Virtual Thoughts

Virtualisation, Storage and various other ramblings.

Category: Virtualisation (page 2 of 7)

vRealize Log Insight + PKS Integration

Introduction

In this blog post, we take a look into the integration between PKS and vRealize Log Insight and how this integration benefits the enterprise. As a bit of a recap:

PKS – PKS is a purpose-built enterprise level container solution leveraging the capabilities of Kubernetes, BOSH, VMware NSX-T, Harbour and more to deliver a highly available, highly flexible container runtime that operates on a number of cloud platforms, both private and public, including vSphere, AWS, Azure and GCP.

VMware also released VMware Cloud PKS, a fully managed service that combines the technical capabilities of AWS, PKS and Kuberntes which can be consumed in a similar fashion to other cloud services.

vRealize Log Insight – vRealize Log Insight is a log management system that’s designed to operate within heterogeneous environments, however, it’s much more than a simple aggregator of logging information. vRealize Log Insight has analytical and trend-identification capabilities which allow operators to gain invaluable insight into the state, health, and events which are transpiring in the environment. vRealize Log Insight works across physical, virtual and cloud environments.

Containers and Coexistence with VM’s

VM’s have existed for a long time now. Consequently, there are very mature, battle-hardened tools and software which can be used to monitor a plethora of operating systems, software, components and more. Containers, on the other hand, are relatively new in the enterprise. Although there is an overlap, there are significant differences in the way we monitor and collect logs from VM’s and  containers. How can this be addressed?

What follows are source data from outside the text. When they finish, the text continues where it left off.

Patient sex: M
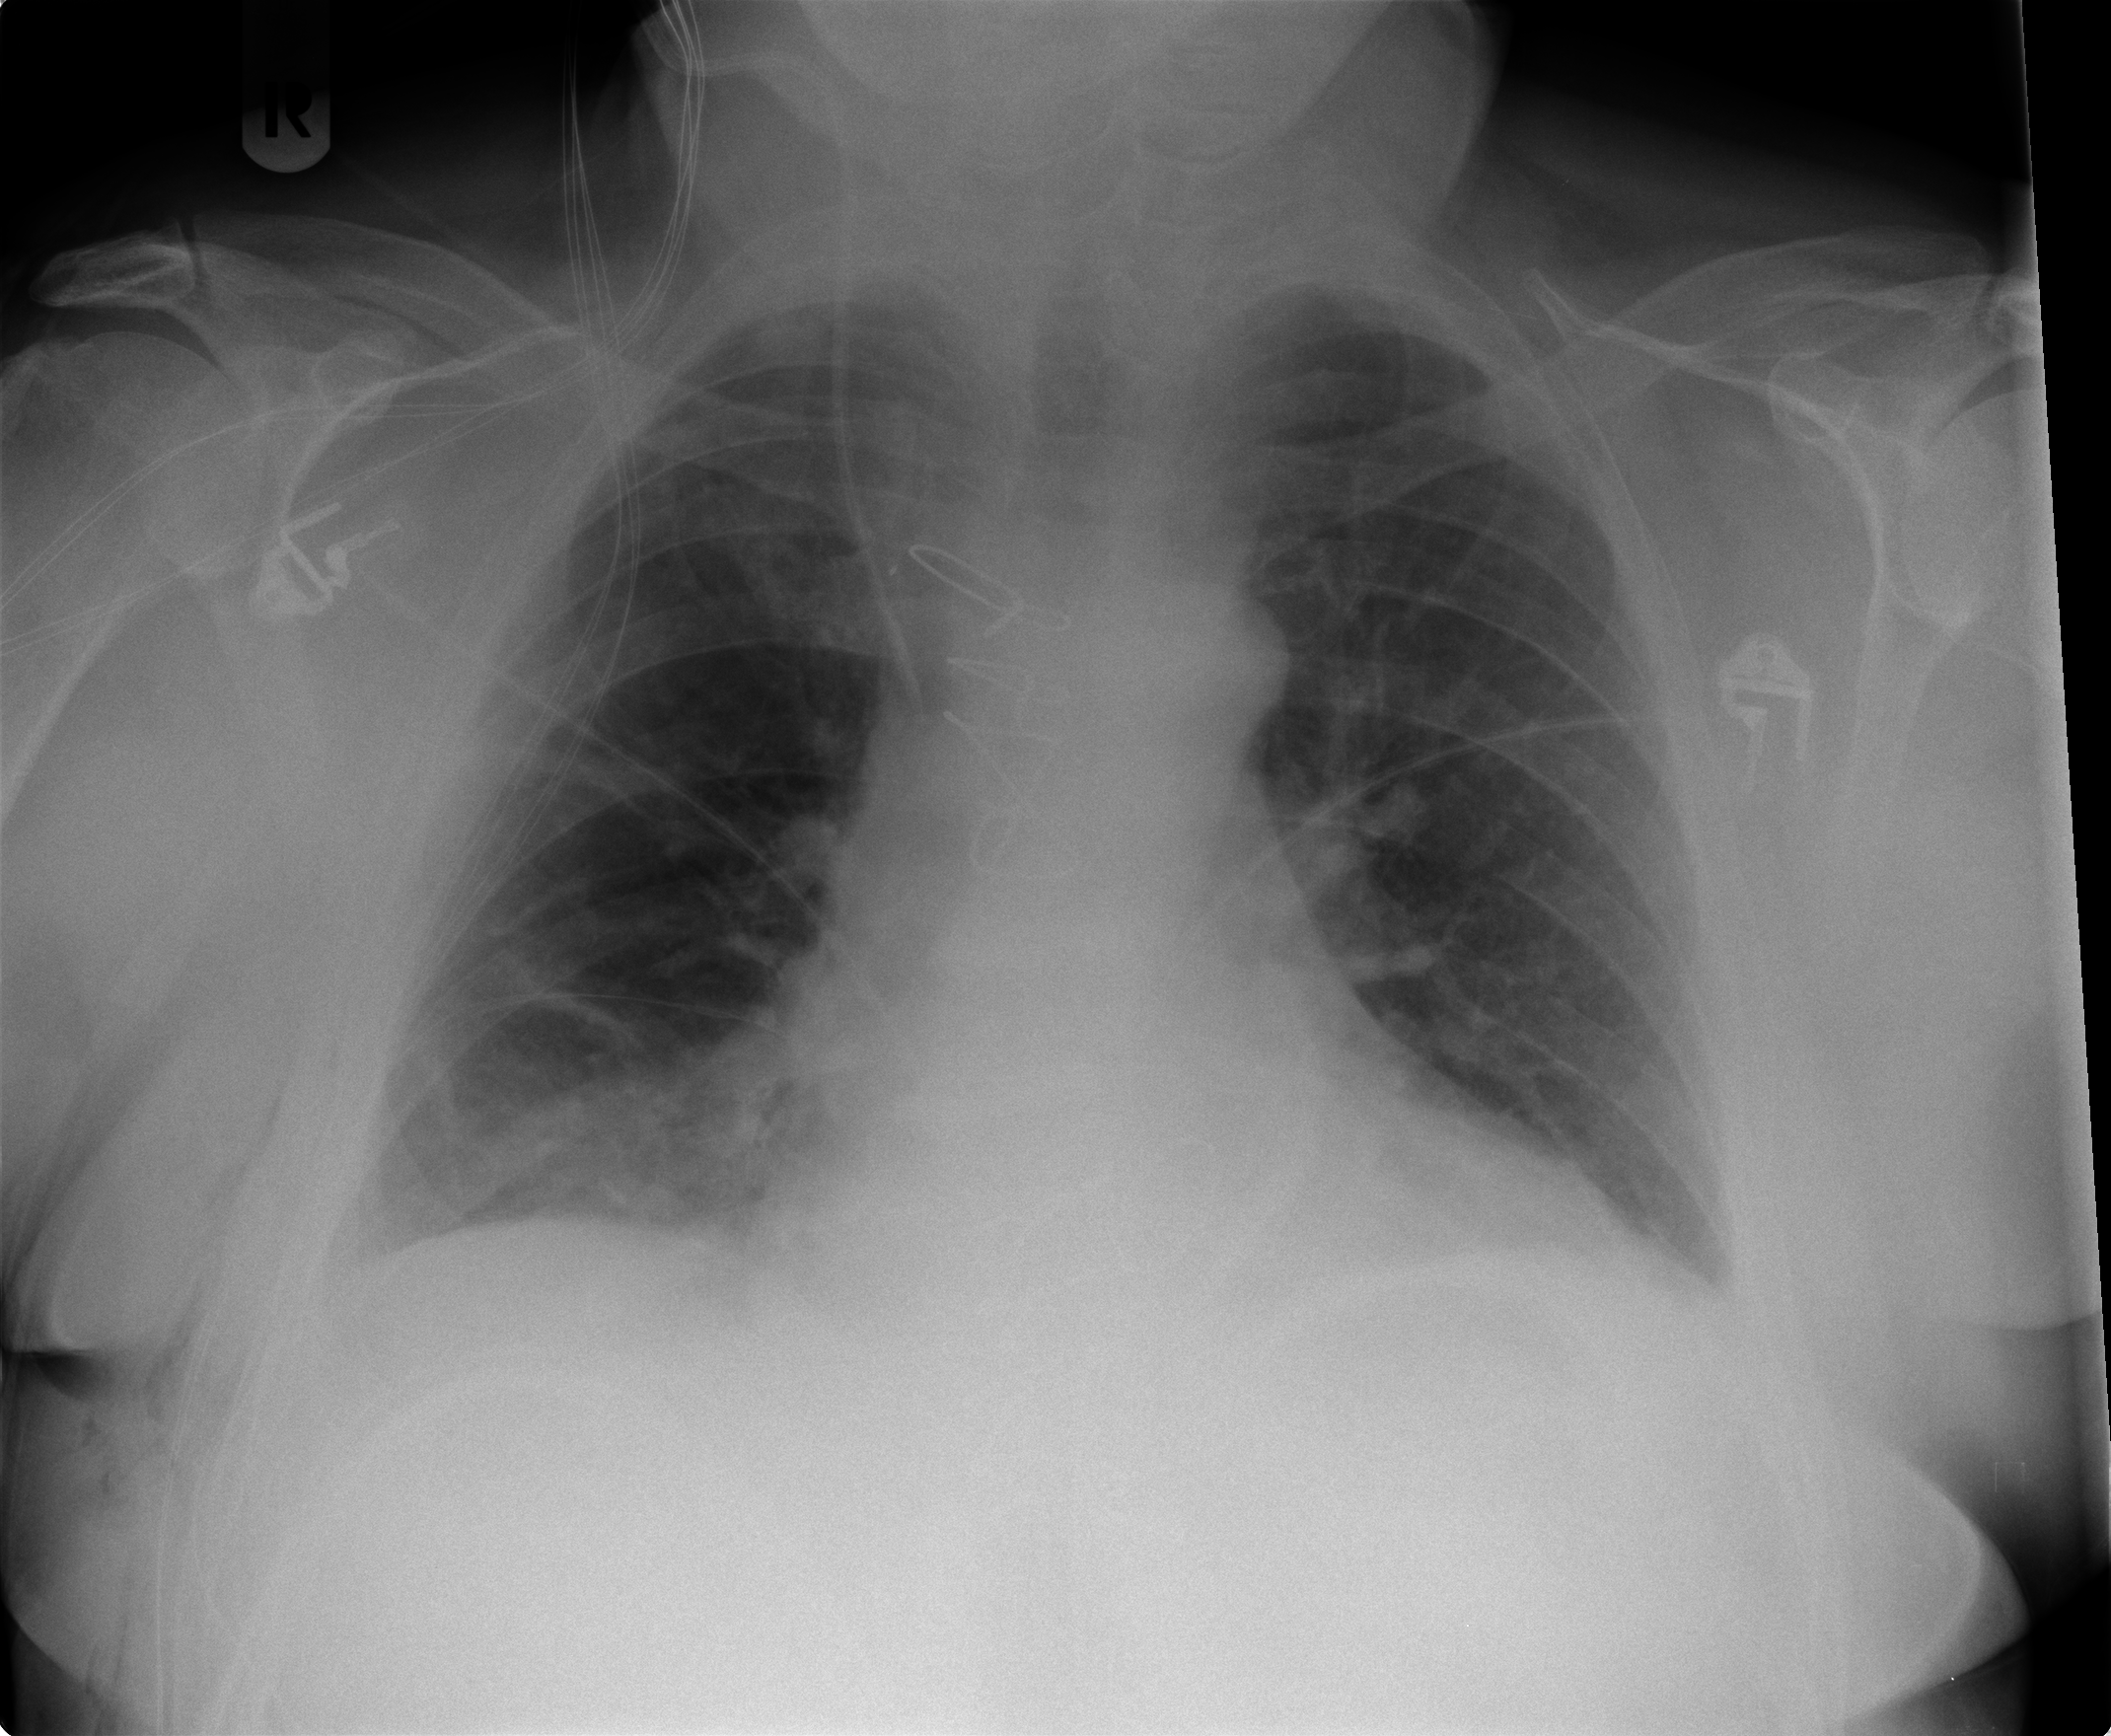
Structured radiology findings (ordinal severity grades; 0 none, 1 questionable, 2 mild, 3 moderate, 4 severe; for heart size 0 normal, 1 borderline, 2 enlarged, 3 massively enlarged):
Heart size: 2
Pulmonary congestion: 0
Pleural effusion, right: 0
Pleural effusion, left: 0
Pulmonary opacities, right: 0
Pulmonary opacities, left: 0
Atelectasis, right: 2
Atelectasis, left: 2

There are a number of ways to monitor a container based environment. Prometheus and Wavefront come to mind, but for environments that already leverage vRealize Log Insight, we can integrate PKS with it to facilitate a single plane of glass view of logging information from VM’s, their underlying infrastructure as well as containers and their underlying infrastructure.

 

What can we expect PKS to send to Log Insight

At a high level, the Integration between PKS and vRLI will facilitate the propagation of the following logs:

  • BOSH jobs
  • Core Kubernetes processes & nodes
  • Core BOSH processes
  • Kubernetes event logs
  • Individual Pod stdout and stderr

I’ve highlighted the last one as I can see real value in this. Imagine centralising all stdout and stderr from pods in combination with the analytics and trend identification capabilities from vRLI? Pretty interesting. Of course, we’re not that interested in what individual pods are logging, but if we have an example where some new code has been pushed out and 10’s / 100’s or 1000’s of pods start logging errors, we can identify, categorise and analyse these pretty easily with vRLI.

 

PKS and vRealize Log Insight in action

Talk is cheap, so let’s crack on.

Log into Ops Manager and select the PKS tile

 

Select “Logging” from the left and select “yes” under vRLI integration:

Enter the host and SSL settings where applicable in your environment:

Apply the changes:

if you keep an eye on the logs, references for the vRLI configuration will be shown:

– fluentd_vrli_ca_cert: “<redacted>”
– fluentd_vrli_host: “<redacted>”
+ fluentd_vrli_host: “<redacted>”
– fluentd_vrli_rate_limit_msec: “<redacted>”
+ fluentd_vrli_rate_limit_msec: “<redacted>”
– fluentd_vrli_skip_cert_verify: “<redacted>”
+ fluentd_vrli_skip_cert_verify: “<redacted>”
– fluentd_vrli_use_ssl: “<redacted>” + fluentd_vrli_use_ssl: “<redacted>”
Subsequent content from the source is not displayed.